Ульяна слушала и улыбалась бессмысленной стеклянной улыбкой. Бомба внутри все тикала, но сейчас, казалось, в отлаженном механизме разрушения, почуялся сбой.

Возможно, ее утешил прогноз. Возможно, бальзамом на рану пролилась разоблачительная передача, которую отснял Черский, после которой Пяткову пришлось долго извиняться перед зрителями и уверять, что собранные ими деньги действительно предназначались Некрасовой, просто их не успели передать, ведь не был известен точный адрес клиники. Ульяна поразилась, что при всем этом Пятков умудрился угадать, что ей предложат лечение именно в Израиле.

Черский выловил ее перед походом в клинику и заставил дать развернутое интервью, в котором Ульяна отказалась от помощи зрителей, поблагодарила за проявленное милосердие, а вырученные деньги попросила передать в детский благотворительный фонд.

После ее заявления, вышедшего в прайм-тайм, деваться Пяткову было некуда. Черский сообщил, что деньги отправились по нужному адресу.

– Все? – спросила Ульяна.

– Сильно сомневаюсь. Ты что, вчера родилась? – фыркнул в трубку Егор. – Естественно, кто-то отслюнявил себе в карман. Но, во всяком случае, это больше, чем ничего.

– Очень мило, – вздохнула Ульяна.

– Надеюсь, ты довольна?

– Более чем, хотя в моем положении это не так-то просто.

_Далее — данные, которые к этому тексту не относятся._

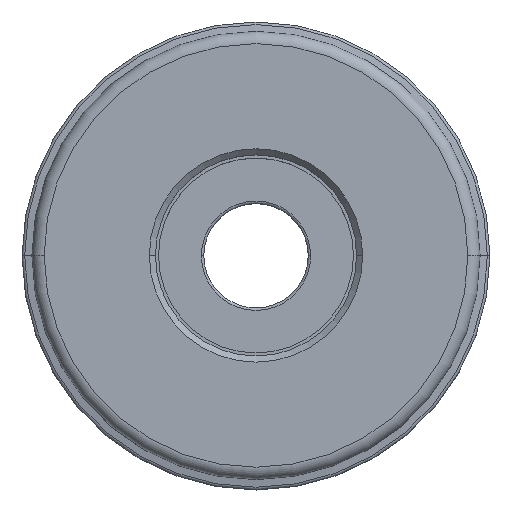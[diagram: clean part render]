
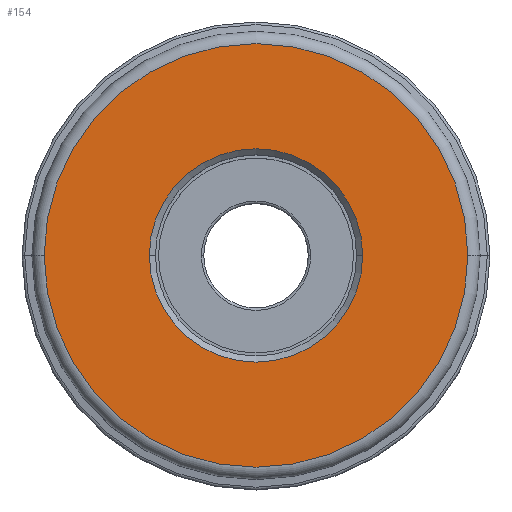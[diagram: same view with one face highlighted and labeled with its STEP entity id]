
A CAD part, top view. The second image highlights one B-rep face of the part: STEP entity #154.
In plain terms, the highlighted planar face has unit normal (0, 0, 1).
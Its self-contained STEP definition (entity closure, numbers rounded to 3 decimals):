
#43=PLANE('',#1535);
#50=FACE_BOUND('',#341,.T.);
#51=FACE_BOUND('',#342,.T.);
#154=ADVANCED_FACE('',(#50,#51),#43,.F.);
#341=EDGE_LOOP('',(#519,#520));
#342=EDGE_LOOP('',(#521,#522));
#519=ORIENTED_EDGE('',*,*,#933,.T.);
#520=ORIENTED_EDGE('',*,*,#934,.T.);
#521=ORIENTED_EDGE('',*,*,#935,.T.);
#522=ORIENTED_EDGE('',*,*,#936,.T.);
#805=VERTEX_POINT('',#2431);
#806=VERTEX_POINT('',#2432);
#807=VERTEX_POINT('',#2435);
#808=VERTEX_POINT('',#2436);
#933=EDGE_CURVE('',#805,#806,#1120,.T.);
#934=EDGE_CURVE('',#806,#805,#1121,.T.);
#935=EDGE_CURVE('',#807,#808,#1122,.T.);
#936=EDGE_CURVE('',#808,#807,#1123,.T.);
#1120=CIRCLE('',#1531,34.5);
#1121=CIRCLE('',#1532,34.5);
#1122=CIRCLE('',#1533,17.375);
#1123=CIRCLE('',#1534,17.375);
#1531=AXIS2_PLACEMENT_3D('',#2430,#1886,#1887);
#1532=AXIS2_PLACEMENT_3D('',#2433,#1888,#1889);
#1533=AXIS2_PLACEMENT_3D('',#2434,#1890,#1891);
#1534=AXIS2_PLACEMENT_3D('',#2437,#1892,#1893);
#1535=AXIS2_PLACEMENT_3D('',#2438,#1894,#1895);
#1886=DIRECTION('',(0.,0.,1.));
#1887=DIRECTION('',(1.,0.,0.));
#1888=DIRECTION('',(0.,0.,1.));
#1889=DIRECTION('',(-1.,0.,0.));
#1890=DIRECTION('',(0.,0.,-1.));
#1891=DIRECTION('',(-1.,0.,0.));
#1892=DIRECTION('',(0.,0.,-1.));
#1893=DIRECTION('',(1.,0.,0.));
#1894=DIRECTION('',(0.,0.,-1.));
#1895=DIRECTION('',(1.,0.,0.));
#2430=CARTESIAN_POINT('',(0.,0.,0.));
#2431=CARTESIAN_POINT('',(34.5,0.,0.));
#2432=CARTESIAN_POINT('',(-34.5,0.,0.));
#2433=CARTESIAN_POINT('',(0.,0.,0.));
#2434=CARTESIAN_POINT('',(0.,0.,0.));
#2435=CARTESIAN_POINT('',(-17.375,0.,0.));
#2436=CARTESIAN_POINT('',(17.375,0.,0.));
#2437=CARTESIAN_POINT('',(0.,0.,0.));
#2438=CARTESIAN_POINT('',(0.,0.,0.));

– Не дрейфь, старуха, прорвемся. Ты главное, выздоравливай, а место под солнцем мы тебе всегда найдем! – хохотнул Егор и отключился.

Конечно, его слова не могли не приободрить. Но Ульяна очень хорошо знала цену телевизионным обещаниям. На место выпавшего из обоймы прибегала сотня молодых, ретивых, готовых рвать глотки без всякой жалости. А какой она будет после курса химиотерапии? После операции? Не факт, что так же хороша, если, к тому же не останется без груди.

Отряд не заметит потери бойца…

Лерка на звонки не отвечала: верный признак, что находилась на съемках. Оставив ей сообщение на голосовой почте, Ульяна поехала домой, чувствуя, как на нее снова накатывает тоска. Телевизионный сезон должен был вот-вот начаться. Уже вовсю снимали разные проекты, а более-менее рейтинговые ведущие были невероятно заняты.

Работать Ульяне, в общем-то, не хотелось, не до того. Однако перед отъездом ей очень хотелось хотя бы мимолетной поддержки от своих, перед кем не надо было держать спину ровно. Но все свои были заняты, и даже Вадик, не скрывающий радости от ее возвращения, озабоченно выбирал время в своем жестком графике, чтобы просто встретиться за чашечкой кофе. Единственными, кто не оставлял ее в покое были журналисты, с их гнетущей бесцеремонностью, желанием копаться в грязном белье до собственного изнеможения.

Ее пугала операция, пугала химиотерапия, выпадающие волосы, тошнота и прочие ужасы, о которых читала в интернете, но лучше было отрубить все одним махом, избавиться и выкорчевать проблему, а там заживет, зарастет, если Бог даст… Вот только даже проводить ее в аэропорт оказалось некому. Из углов пыльными лицами смотрела пустота.

Нет уж, скорее, скорее прочь…

Ульяна уже почти собралась, когда в дверь позвонили. Она, не глядя в глазок, дернула задвижку. Без звонка от консьержа могли прийти только свои, вписанные в особый список, давно примелькавшиеся, или соседи, поэтому она нисколько не беспокоилась.

За дверью стоял Алексей, с небольшой спортивной сумочкой через плечо.

– Ой, – глупо сказала Ульяна. – А ты как тут?

– Приехал, – ответил Алексей, настороженно глядя на нее. – Или я… того… Не вовремя, ага?